With three weeks to the elections, Jubaland has seen heightened political temperatures as political leaders and former army chiefs battle the end of Sheikh Ahmed Madobe’s eight-year reign.
In his bid to recapture his seat, Madobe, is facing stiff opposition from some of the candidates who were his allies in the campaigns that have been marked by dirty tricks and slander.
Madobe will face off with Mohamed Abdulle Magan, Mohamed Omar Gedi, Anab Mohamed Dahir, Abdi Hiis Udan, Mohamoud Mohamed Omar, Ahmed Abdi Abdi and Abdirahman Ahmed Rabi. All of them have been critical to Madobe’s administration.
The candidates for Jubaland State presidential elections have turned to political sabotage, character assassination, distorting of campaign slogans and negative publicity in attempts to gain a winning edge. The domestic stakes of the Jubaland election process are high, as clan factions fight over the division of resources.
The political shenanigans include sponsored hateful advertisements and fabrication of campaign materials aimed at portraying rivals adversely before voters.

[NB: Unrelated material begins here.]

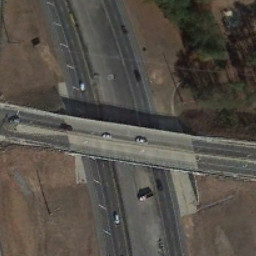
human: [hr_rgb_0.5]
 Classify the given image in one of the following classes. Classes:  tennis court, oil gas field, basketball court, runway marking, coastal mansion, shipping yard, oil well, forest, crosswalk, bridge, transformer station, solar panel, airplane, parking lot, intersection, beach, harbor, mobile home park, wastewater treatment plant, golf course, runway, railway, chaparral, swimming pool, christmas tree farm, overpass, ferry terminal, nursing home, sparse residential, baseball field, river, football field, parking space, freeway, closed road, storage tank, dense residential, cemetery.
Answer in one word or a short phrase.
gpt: overpass

The Sunday Standard has reliably learnt that sustained propaganda, fake news and violence characterise the heated campaigns ahead of the August 24 polls.
As election date nears, the incumbent president is the latest victim of negative publicity, and just last week, leaflets were circulated purporting that he had lost favour with his populous Ogaden clan and as a result they will not be backing his re-election bid.
Even more disquieting was that the leaflets and violence witnessed in the relatively calm town of Kismayu and other parts of Jubaland.
Madobe’s supporters have accused Mogadishu of sponsoring the violence as part of intimidation following the incumbent’s trend that is now worrying locals.
Political analysts have observed that some of the dirty tricks are either a creation of the contestants themselves or their financial supporters.
“They are financing contestants in order to install their favourable candidate against the wishes of the populace, so that they have influence in Jubaland to help them ward off Kenyan influence in Jubaland and the larger Somali,” Guled Omar Osman, an analyst, who is also familiar with Jubaland politics, said. “Madobe is a close ally of the Kenyan government,” he added.
Captured in key towns
Jubaland, the region in Somalia closest to the border with Kenya, has been under Madobe since 2013. The regional leader has been a key ally of Kenya in war against Al Shabaab militants and cooperated with the KDF as it captured Kismayu and other towns.
The elections have been billed on long-term goals like development, reconciliation and institution-building in the Somali federal State of Jubaland.
However, it will be also be a test for Kenya, Somalia, Ethiopia as well as Americans whose presence in Somalia has relatively increased in recent days.
Analysts argue that the recent terror attack in which atleast 26 people, including a prominent journalist and several foreigners were killed, has exposed strenuous relationships between Kismayo and Mogadishu.
This is after Somali President Mohamed Abdullahi Farmaajo was quoted in sections of the media questioning why Al Shabaab militants were targeting their own, (Somali) instead of targeting other countries.
There have been allegations that Mogadishu is opposed to re-election of the Jubaland President and could have privately sponsored several candidates from Madobe’s Ogaden clan to run against him.
Farmaajo is said to have persuaded members of his Marehan clan, which is part of the Ogaden clan, the majority in Jubaland, not to vie for the presidency and instead support “the chosen candidates”. However, local analysts have dismissed Farmaajo’s political manoeuvres, terming them inconsequential.
“He is sincere in the war against extremist group and he fully understands the operations of Al Shabaab; that is why Jubaland is enjoying relative calm unlike Mogadishu where explosions occur almost daily,” said Ahmed Osman, a local politician in Jubaland. The gulf nations have also been drawn to the election controversy that is threatening to spoil relations between Kismayu and Mogadishu.
According to Osman, Madobe -- the former leader of the Ras Kamboni Brigade that allied with the Kenya Defence Forces (KDF) to weed out the Al Shabaab militants in Kismayu in 2012 -- is a safe pair of hands for Jubaland.
“Security forces in Mogadishu work with Al-Shabaab,” he said.
As per the constitution, presidential aspirants should be from Somali origin and should be married to a woman/man of Somali origin.
In this case a perceived right hand man of President Farmajo who is also the minister for Transport and Aviation Mohamed Abdullahi Salad was disqualified from the race after the electoral body realised that he is married to a foreigner.
Madobe is touted to likely win this election because of a legacy of improved security in Kismayo.
In an interview with the Sunday Standard from his palace in Kismayu, Madobe said he was determined to ensure that Jubaland was calm and peaceful before and after the polls.
He said harmony in the region had seen refugees who had been living in Daadab troop back home.